Li, em meados do mês de maio, mais precisamente no dia 16, no Jornal de Brasília, uma notícia que mereceu, de minha parte, particular atenção. O jornal informava a respeito de uma reunião de mais de 20 pajés, de 25 nações indígenas, para discutir uma política capaz de preservar o saber dos índios sobre a biodiversidade. O encontro dos pajés ocorreu na Universidade de Brasília, local propositalmente escolhido para simbolizar o desejo dos indígenas em ter a comunidade universitária como parceira na defesa da flora e fauna nacionais.
A matéria dava conta ainda de que os pajés têm consciência de que as sociedades indígenas detêm o conhecimento valioso sobe a biodiversidade brasileira que não está sendo devidamente aproveitado por nós brasileiros, mas por usurpadores estrangeiros. Um dos pajés presentes ao encontro disse claramente: "Até agora, quem chega nas comunidades indígenas são os estrangeiros."
Além do mais, as comunidades indígenas que repassaram a sua sabedoria empírica - como obter remédios a partir de plantas, por exemplo - estão cada vez mais pobres enquanto os que desse saber se apossaram devem estar ganhando milhões aqui ou em outra parte do mundo. Para os pajés, essa é uma situação injusta que não deve mais continuar. Para mudar tal estado de coisas, eles prometeram elaborar uma Carta da Sabedoria Indígena a ser encaminhada ao Congresso Nacional para fazer parte do Estatuto das Sociedades Indígenas, projeto de lei em tramitação na Câmara dos Deputados.
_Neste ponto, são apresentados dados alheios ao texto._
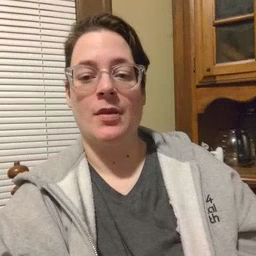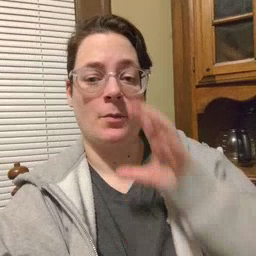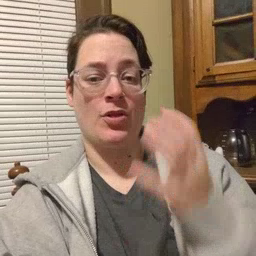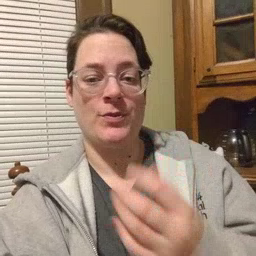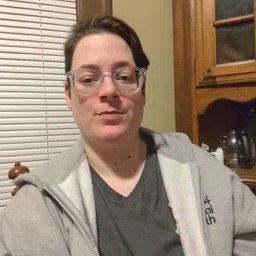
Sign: balloon

A idéia que representa os seus anseios gira em torno do seguinte: o conhecimento empírico dos indígenas sobre plantas e ervas curativas que seria submetido a testagem e aprovação por especialistas e pesquisadores das nossas universidades. Estando o produto aprovado, seria registrada a patente e as sociedades indígenas receberiam royalties, como forma de garantir aos nativos os direitos autorais da descoberta. Em troca, o homem branco teria à sua disposição, para tratamento fitoterápico, produtos naturais de reconhecida comprovação científica.
Os pajés não têm idéia ainda de que forma poderiam cobrar os direitos sobre o conhecimento secular que dominam. Pensam que poderiam tomar como referência a modalidade de exploração das riquezas minerais situadas em reservas indígenas. As aldeias envolvidas nessa exploração mineral recebem, de acordo com a lei, 25% do que é pago pela empresa exploradora à União. De uma coisa os pajés têm certeza: não querem que organismos externos às tribos, principalmente organismos estrangeiros internacionais, que representam os interesses das grandes corporações farmacêuticas internacionais, gerindo o dinheiro devido pelas patentes. Nem mesmo a Funai - Fundação Nacional do Índio, que está, segundo as palavras de um pajé, “caindo aos pedaços”.
Essa notícia enseja reflexões que gostaria de compartilhar com os meus colegas desta Casa. Por isso trago à apreciação dos Srs. Senadores esse tema, na certeza de que juntos poderemos alargar o nosso universo de reflexão para os pontos de maior pertinência e relevância.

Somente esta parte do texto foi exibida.